We decode and a correct a 7-bit word \(\w\) as follows. If \(\H \w = 0\) then \(\w\) is a valid codeword. If not, by linearity, we generate a lookup table that maps syndromes to a vector that indicates which bit of \(\w\) to flip to produce \(\w'\) such that \(\H \w' = 0\), implying \(\w'\) is a codeword. Then we return the first 4 bits.

ham n = concatMap (mv $ gt n) . chunksOf (2^n - n - 1)
unham n = concatMap (take (nn - n) . correct) . chunksOf nn where
  nn = 2^n - 1
  syns = zip (mv (h n) <$> identityMatrix nn) $ identityMatrix nn
  correct w = maybe w (w #+) $ lookup (mv (h n) w) syns

sendH74 xs f = unham 3 $ send (ham 3 xs) f

putPic $ sendH74 orig 0.1

As hinted above, for any given number \(n\) of parity bits, we can construct a \((2^n - 1, 2^n - 1 - n)\) Hamming code, that is:

There are \(n\) parity bits.
Codewords are \(2^n - 1\) bits long.
A codeword represents \(2^n - 1 - n\) bits.
Any word is at most one bit-flip away from a codeword.

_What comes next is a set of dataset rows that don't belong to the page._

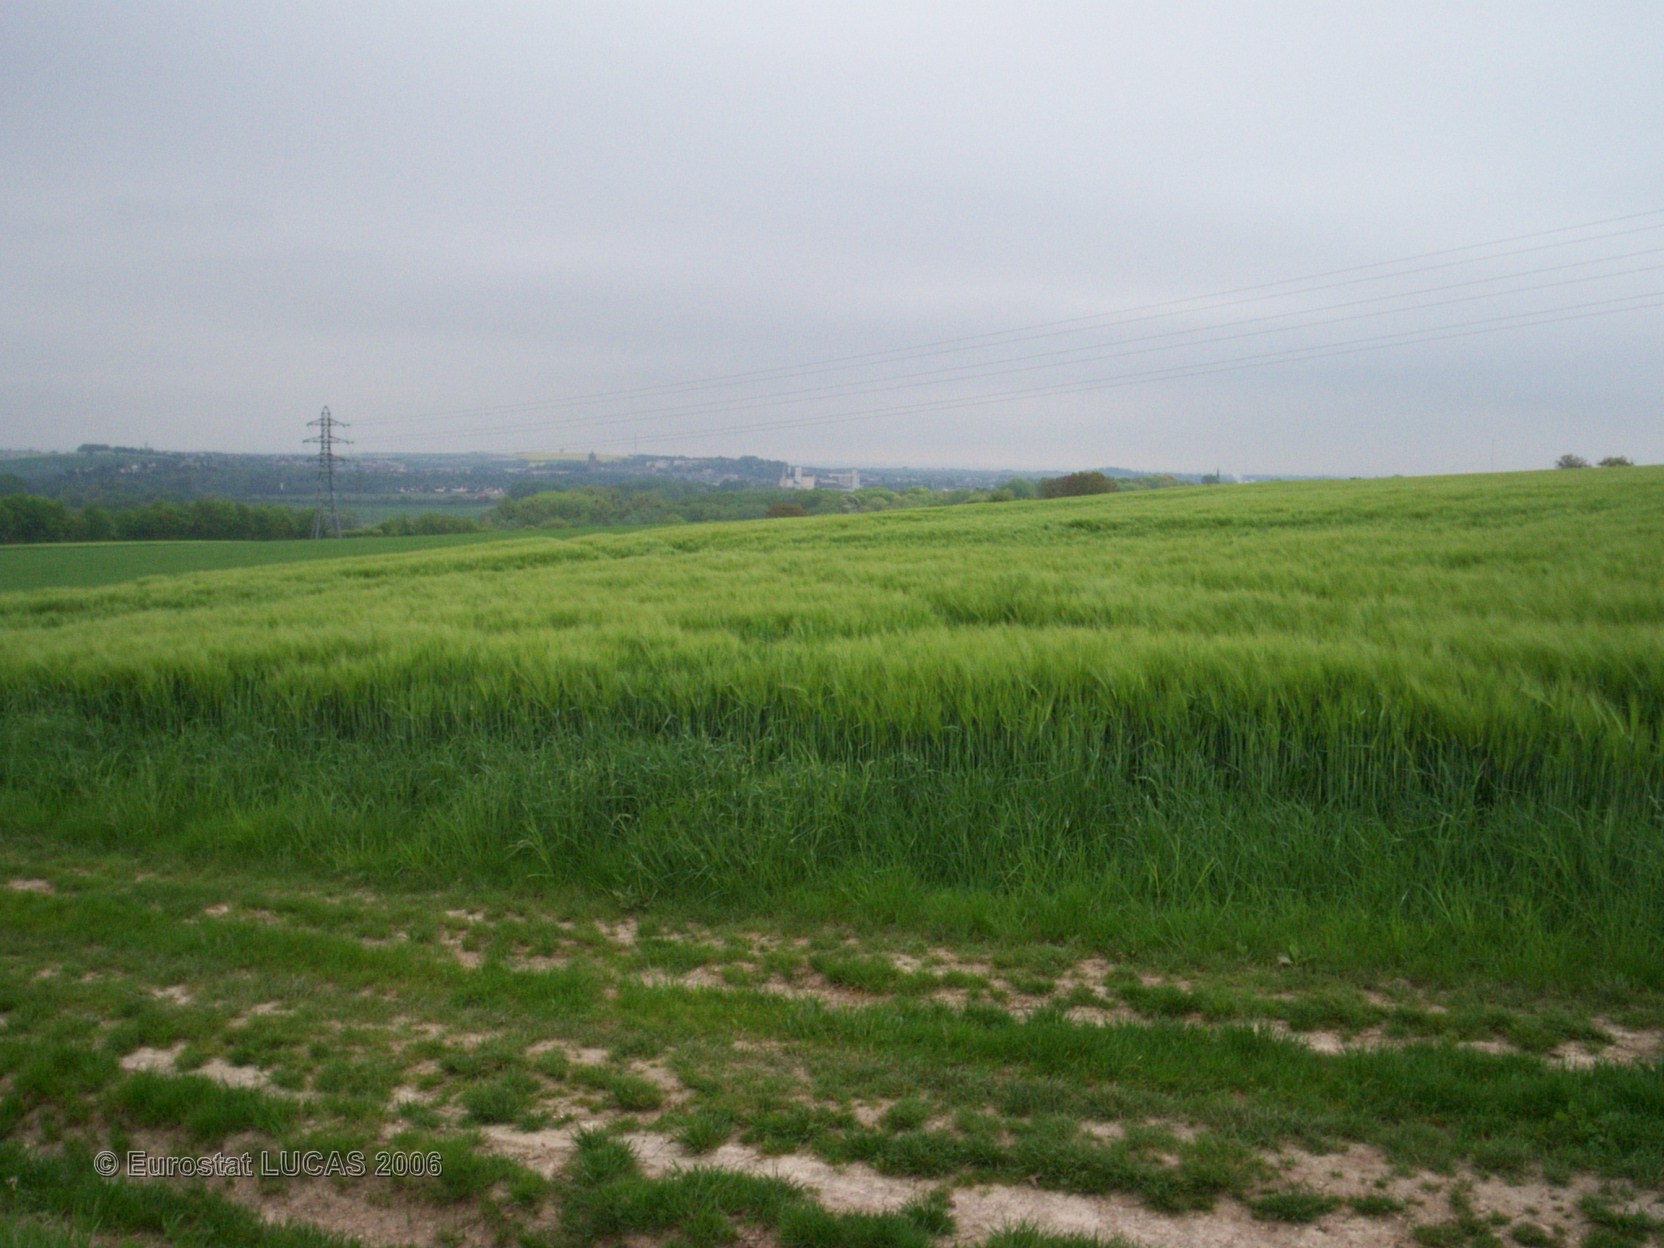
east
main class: Cropland
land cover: Common wheat
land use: Agriculture (excluding fallow land and kitchen gardens)
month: May
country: FR
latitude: 49.5018
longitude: 4.3204

When \(n = 1\), we get the (1, 0) Hamming code, a degenerate case. Each 1-bit word always decodes as the codeword 0, thus we’re communicating in unary; the only information we really send is the length of a message.

When \(n = 2\), we get the (3, 1) Hamming code, which is a fancy way of saying \(R_3\).

Perfect Code

A binary perfect code of length \(n\) is a code where for some \(e\), every \(n\)-bit word differs from exactly one codeword by at most \(e\) bits. This implies different codewords differ by at least \(2e + 1\) bits.

Such a code is perfect in the sense that it is guaranteed to correct up to \(e\) flipped bits. With other codes, a corrupt word may be equally close to distinct codewords. There may be no clear winner.

A little thought shows a necessary condition for a perfect code with \(W\) codewords is:

\[ W \sum_{i=0}^e {n \choose i} = 2^n \]

Thus \(W = 2^k\) for some \(k\) and we may write:

\[ \sum_{i=0}^e {n \choose i} = 2^{n-k} \]

The first few rows of Pascal’s triangle are:

pascal = iterate (\xs -> zipWith (+) (0:xs) (xs++[0])) [1]

putMat $ take 8 pascal

We only need half of each row, because \(2e + 1 \le n\). The relevant cumulative sums:

cumu = zipWith take ((`div`2) <$> [1..]) $ scanl1 (+) <$> pascal
putMat $ take 8 cumu

We see some nontrivial powers of 2, and it turns out they correspond to perfect codes, but unfortunately we’ve seen them all before. Since Hamming codes correct up to 1 bit, the powers of 2 in the second position like 4 and 8 are the Hamming codes. And the powers of 2 in the last position like 16 and 64 (and also 4) correspond to repetition codes.

Thus we compute the cumulative sums that correspond to codes that can correct at least 2 errors but less than \((n - 1) / 2\) errors.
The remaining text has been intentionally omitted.